At least four reasons make the EU an appropriate test case for cosmopolitan Europe. Firstly, the desired juridical integration, the combination of citizens and state representation in two different assemblies, and wide civil society involvement are all essential to the EU. This is more than a confederation and less than a federal state. Thus, all relevant features of cosmopolitan democracy exist in various ways at the EU level. Secondly, in a horizontal perspective across policy fields, political integration at the EU level is strong compared to the rather fragmented governance arrangements that exist on the global scale. The EU is the only governance arrangement beyond the nation-state which can live up to the systemic expectations of cosmopolitan democracy. Thirdly, even compared to similar institutional arrangements at the fragmented global scale, the democratic performance of the EU is undoubtedly better. Fourthly, there are not many democratic options to be discussed beyond the institutional modes probed at EU level.
Nonetheless, relations between the Swiss government and the EU are governed by an array of bilateral contracts, and the partnership turned sour after Swiss voters in 2014 approved a popular initiative calling for quotas on immigration. That result, which contravenes the EU treaty of free movement, could have resulted in the enacting the so-called ‘guillotine clause’ which would have seen all treaties between Switzerland the EU rendered null and void. Almost two-thirds of Swiss want Switzerland to hammer out a framework agreement with the European Union. Supporters of the rightwing Swiss People’s Party are the only ones who do not support the move – but not uniformly. As a recent poll shows, almost 20% of the party are dissenters.
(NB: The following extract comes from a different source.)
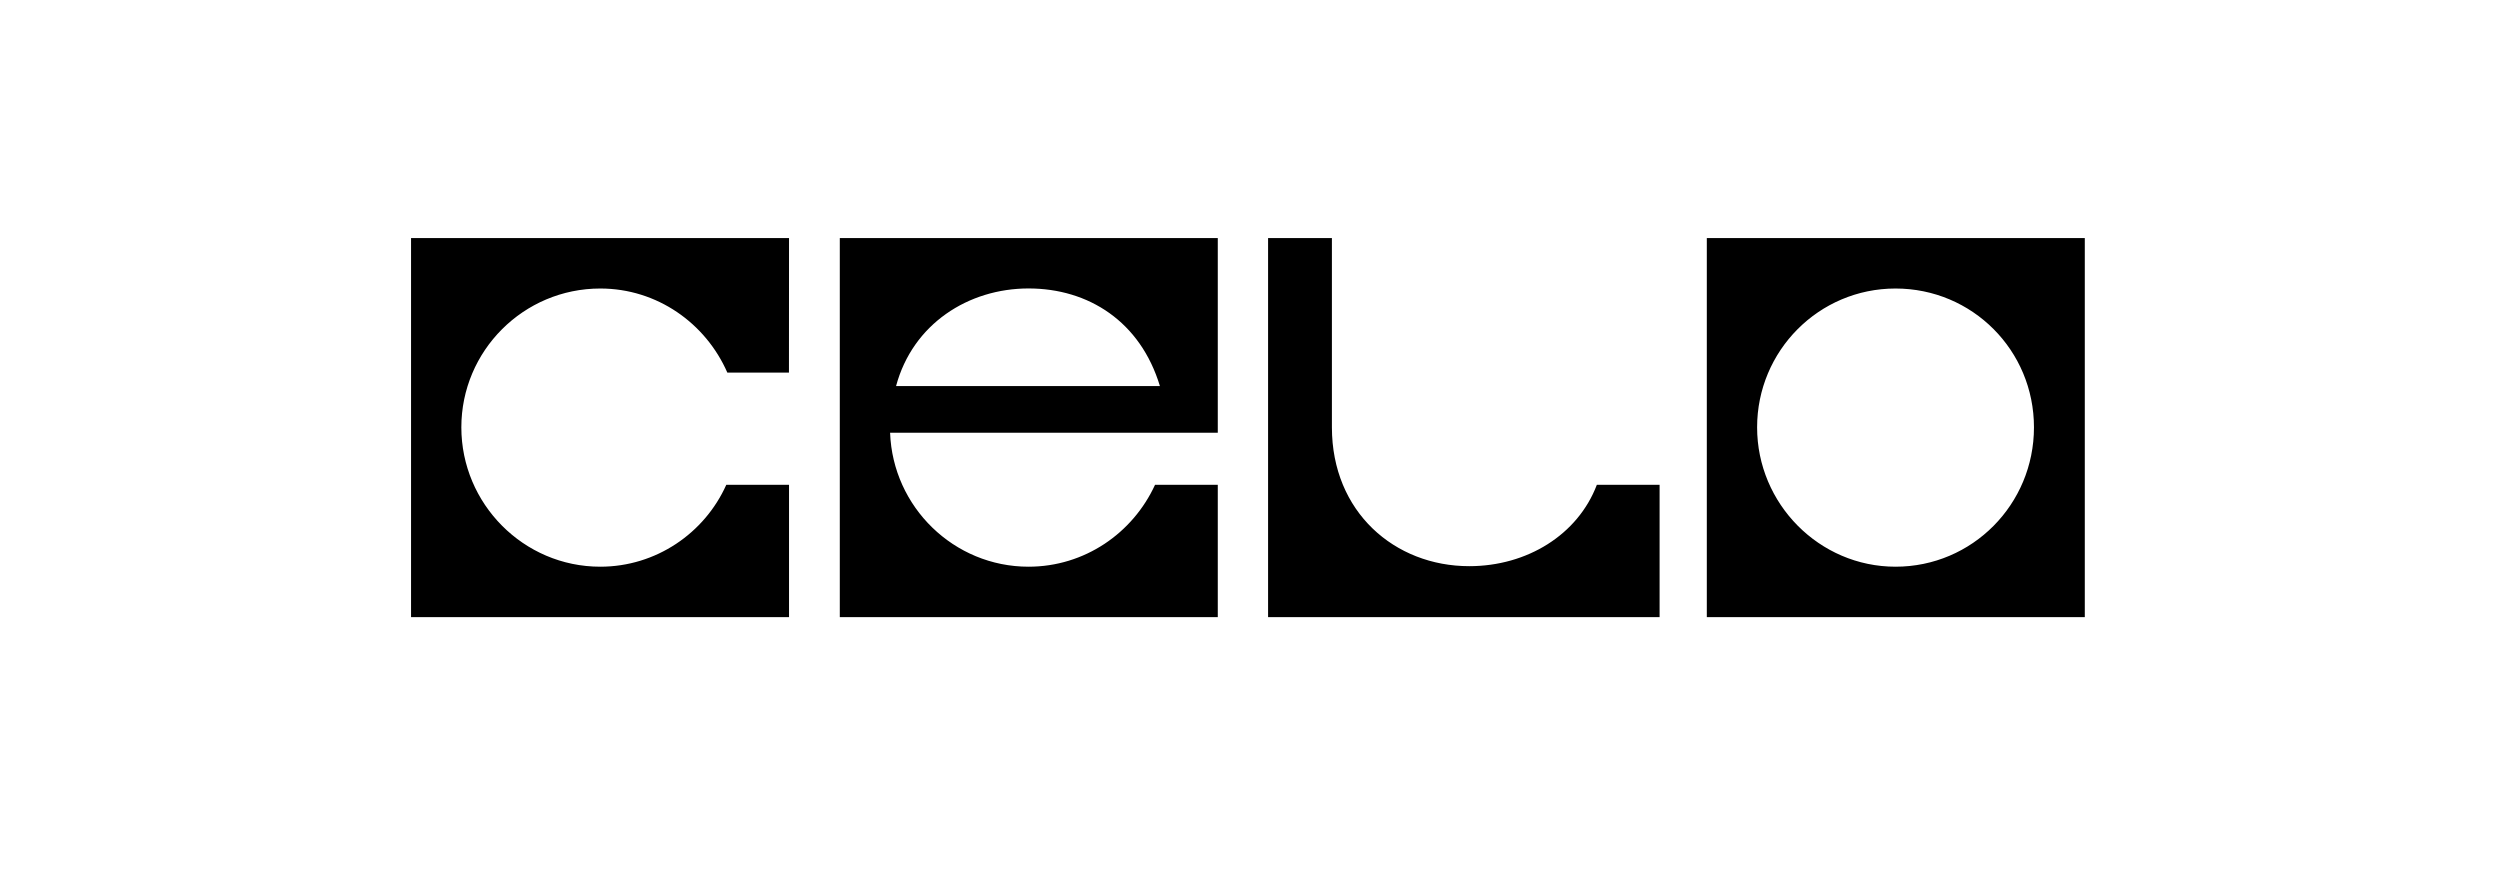 <svg width="160" height="56" viewBox="0 0 160 56" fill="none" xmlns="http://www.w3.org/2000/svg">
<path fill-rule="evenodd" clip-rule="evenodd" d="M50.498 15.236H26.307V39.498H50.498V31.028H46.482C45.097 34.12 41.986 36.269 38.419 36.269C33.503 36.269 29.526 32.241 29.526 27.35C29.526 22.455 33.503 18.465 38.419 18.465C42.054 18.465 45.166 20.687 46.55 23.848H50.493L50.498 15.236ZM73.922 31.028C72.503 34.116 69.421 36.269 65.825 36.269C61.05 36.269 57.137 32.45 56.966 27.696H77.938V15.236H53.747V39.498H77.938V31.028H73.922ZM74.235 24.71H57.347C58.419 20.721 61.985 18.461 65.825 18.461C69.666 18.461 72.987 20.58 74.235 24.71ZM130.174 27.35C130.174 32.279 126.226 36.269 121.314 36.269C116.432 36.269 112.455 32.241 112.455 27.35C112.455 22.455 116.402 18.465 121.314 18.465C126.226 18.465 130.174 22.421 130.174 27.35ZM133.427 15.236H109.236V39.498H133.427V15.236ZM102.198 31.028H106.214V39.498H81.157V15.236H85.242V27.35C85.242 32.766 89.258 36.235 94.032 36.235C97.731 36.235 100.985 34.223 102.198 31.028Z" fill="black"/>
</svg>

From the Swiss perspective, the European Union has for years been pushing Switzerland to conclude a framework agreement, with pressure ratcheting up recently. Switzerland on the other hand wants to keep its usual bilateral agreement route. The framework agreement is a key topic in both domestic and foreign policy, and there is a parliamentary election coming up in October 2019. The EU-proposed deal is aimed at giving Switzerland access to the single market. This is accompanied by a set of EU rules. As a result, Switzerland would be obliged to automatically adapt to EU law in four areas. Previously, new EU laws required fresh negotiations.
And there’s also an important truism: Both Norway and Switzerland keep out of some EU activities, such as the Common Agricultural Policy. But they bring many of their laws into line with EU rules, on the single market in particular. Norway incorporates single market rules as they’re made, while Switzerland accepts EU law from time to time in return for more market access. “Relations between Switzerland and Europe are much more than just a European issue. There is a global dimension, not only in terms of the consequences for Switzerland, but also for the economic as well as domestic and foreign policies,” said OSA director Sarah Mastantuoni.
Here one cannot help seeking guidance from the insight fostered by a German journalist Steffen Klatt who takes a sober look at the state of relations between Brussels and Bern in his new book Blind im Wandel: Ein Nationalstaat in der Sackgasse (“Blind to change: A nation state at a dead end”). Against the old backdrop, Switzerland has reached a dead end, whether the framework agreement is successful or not. Switzerland doesn’t want to belong to the EU, but it wants to take part in the European single market. It has to abide by the rules that apply, but it has no voice in shaping these rules. This problem is now 30 years old, and it doesn’t look like it will be resolved anytime soon.